__What is being asked__
Find the number of lines below in which the word "Asjustment" appears, and write that number only.

__Source material__

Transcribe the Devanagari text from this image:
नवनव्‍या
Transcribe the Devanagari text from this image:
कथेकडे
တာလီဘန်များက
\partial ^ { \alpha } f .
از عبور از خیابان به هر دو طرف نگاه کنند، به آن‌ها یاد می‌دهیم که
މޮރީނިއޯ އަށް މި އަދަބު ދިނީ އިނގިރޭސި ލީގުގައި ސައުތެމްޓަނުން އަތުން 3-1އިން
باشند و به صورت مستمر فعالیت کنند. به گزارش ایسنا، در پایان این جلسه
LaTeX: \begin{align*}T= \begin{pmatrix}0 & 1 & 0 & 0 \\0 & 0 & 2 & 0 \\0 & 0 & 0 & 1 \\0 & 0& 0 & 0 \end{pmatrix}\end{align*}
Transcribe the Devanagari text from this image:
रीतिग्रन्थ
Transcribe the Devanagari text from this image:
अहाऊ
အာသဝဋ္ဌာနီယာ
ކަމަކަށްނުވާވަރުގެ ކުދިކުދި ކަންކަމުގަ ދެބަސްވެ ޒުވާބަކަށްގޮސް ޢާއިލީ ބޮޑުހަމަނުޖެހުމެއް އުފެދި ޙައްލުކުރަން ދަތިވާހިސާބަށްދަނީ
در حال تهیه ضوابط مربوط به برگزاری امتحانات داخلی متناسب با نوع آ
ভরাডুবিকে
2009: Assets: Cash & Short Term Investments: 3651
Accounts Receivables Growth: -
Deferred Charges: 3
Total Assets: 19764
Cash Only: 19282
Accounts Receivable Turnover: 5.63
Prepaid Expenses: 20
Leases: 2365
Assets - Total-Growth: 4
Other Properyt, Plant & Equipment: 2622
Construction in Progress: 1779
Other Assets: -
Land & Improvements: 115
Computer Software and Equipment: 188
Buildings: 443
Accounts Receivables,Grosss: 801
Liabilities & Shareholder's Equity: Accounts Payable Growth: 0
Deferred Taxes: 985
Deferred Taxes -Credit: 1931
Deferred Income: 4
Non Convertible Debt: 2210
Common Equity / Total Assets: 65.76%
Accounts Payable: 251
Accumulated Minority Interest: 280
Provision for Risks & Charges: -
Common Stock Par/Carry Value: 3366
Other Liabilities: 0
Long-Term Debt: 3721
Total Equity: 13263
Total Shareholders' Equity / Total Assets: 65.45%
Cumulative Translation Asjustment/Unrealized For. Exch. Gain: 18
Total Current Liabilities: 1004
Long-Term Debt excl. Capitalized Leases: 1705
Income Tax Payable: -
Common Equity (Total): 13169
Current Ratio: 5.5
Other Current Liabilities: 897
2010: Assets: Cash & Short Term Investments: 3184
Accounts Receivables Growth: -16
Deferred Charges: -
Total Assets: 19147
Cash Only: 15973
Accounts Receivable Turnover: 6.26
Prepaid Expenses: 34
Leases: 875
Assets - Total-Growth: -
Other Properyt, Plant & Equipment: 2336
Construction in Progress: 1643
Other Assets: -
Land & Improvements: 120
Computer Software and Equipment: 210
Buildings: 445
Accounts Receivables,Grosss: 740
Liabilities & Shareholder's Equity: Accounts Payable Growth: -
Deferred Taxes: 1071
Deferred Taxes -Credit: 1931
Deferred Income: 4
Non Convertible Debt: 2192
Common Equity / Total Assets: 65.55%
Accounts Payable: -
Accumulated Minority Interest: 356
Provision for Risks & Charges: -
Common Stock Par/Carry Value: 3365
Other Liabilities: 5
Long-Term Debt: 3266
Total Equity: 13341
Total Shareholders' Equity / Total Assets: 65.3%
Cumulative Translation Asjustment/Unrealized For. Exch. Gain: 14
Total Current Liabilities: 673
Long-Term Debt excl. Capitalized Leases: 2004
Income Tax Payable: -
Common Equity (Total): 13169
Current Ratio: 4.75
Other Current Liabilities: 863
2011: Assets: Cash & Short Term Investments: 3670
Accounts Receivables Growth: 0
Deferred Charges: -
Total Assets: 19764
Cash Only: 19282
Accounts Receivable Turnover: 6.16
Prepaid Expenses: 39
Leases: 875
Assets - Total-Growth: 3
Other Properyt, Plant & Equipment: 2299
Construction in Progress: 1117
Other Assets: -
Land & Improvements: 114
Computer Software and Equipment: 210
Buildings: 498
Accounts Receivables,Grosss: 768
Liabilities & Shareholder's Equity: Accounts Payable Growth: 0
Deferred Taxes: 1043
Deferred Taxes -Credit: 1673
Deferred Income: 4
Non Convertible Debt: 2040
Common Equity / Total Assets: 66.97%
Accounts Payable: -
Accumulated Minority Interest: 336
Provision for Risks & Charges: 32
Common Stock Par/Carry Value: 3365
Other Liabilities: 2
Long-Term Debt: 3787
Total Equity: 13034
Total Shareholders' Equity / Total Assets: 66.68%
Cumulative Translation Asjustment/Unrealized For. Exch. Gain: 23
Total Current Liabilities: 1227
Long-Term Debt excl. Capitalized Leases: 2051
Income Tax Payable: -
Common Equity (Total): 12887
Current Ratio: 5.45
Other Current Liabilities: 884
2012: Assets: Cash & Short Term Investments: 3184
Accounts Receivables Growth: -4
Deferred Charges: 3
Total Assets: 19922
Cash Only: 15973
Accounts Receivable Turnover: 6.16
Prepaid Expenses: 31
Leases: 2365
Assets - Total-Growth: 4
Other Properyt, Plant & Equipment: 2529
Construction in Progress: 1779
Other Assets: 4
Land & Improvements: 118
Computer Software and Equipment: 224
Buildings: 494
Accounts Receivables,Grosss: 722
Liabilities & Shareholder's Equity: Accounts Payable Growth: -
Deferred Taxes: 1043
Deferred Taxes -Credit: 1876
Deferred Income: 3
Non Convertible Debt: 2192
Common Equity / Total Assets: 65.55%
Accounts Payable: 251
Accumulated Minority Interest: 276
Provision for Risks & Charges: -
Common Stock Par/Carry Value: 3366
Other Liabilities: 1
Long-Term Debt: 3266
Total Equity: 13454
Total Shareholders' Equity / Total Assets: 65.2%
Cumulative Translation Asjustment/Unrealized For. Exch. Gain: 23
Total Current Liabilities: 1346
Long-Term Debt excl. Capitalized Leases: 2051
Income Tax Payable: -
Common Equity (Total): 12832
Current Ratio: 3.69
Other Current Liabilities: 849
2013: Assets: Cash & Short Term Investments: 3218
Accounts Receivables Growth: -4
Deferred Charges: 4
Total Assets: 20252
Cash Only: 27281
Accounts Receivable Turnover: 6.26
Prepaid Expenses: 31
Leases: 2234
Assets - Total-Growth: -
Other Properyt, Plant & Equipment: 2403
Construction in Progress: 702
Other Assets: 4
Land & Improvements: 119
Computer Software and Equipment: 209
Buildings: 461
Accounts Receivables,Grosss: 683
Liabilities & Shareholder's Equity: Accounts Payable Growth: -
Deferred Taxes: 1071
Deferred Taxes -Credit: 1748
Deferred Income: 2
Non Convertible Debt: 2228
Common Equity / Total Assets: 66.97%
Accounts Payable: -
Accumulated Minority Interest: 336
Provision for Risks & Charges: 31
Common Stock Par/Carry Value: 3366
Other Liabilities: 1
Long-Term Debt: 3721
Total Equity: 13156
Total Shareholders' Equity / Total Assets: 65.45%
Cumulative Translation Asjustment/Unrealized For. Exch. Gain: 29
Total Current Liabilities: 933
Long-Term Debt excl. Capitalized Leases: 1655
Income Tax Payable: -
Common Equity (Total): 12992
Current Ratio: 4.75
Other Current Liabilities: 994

__Answer area__
5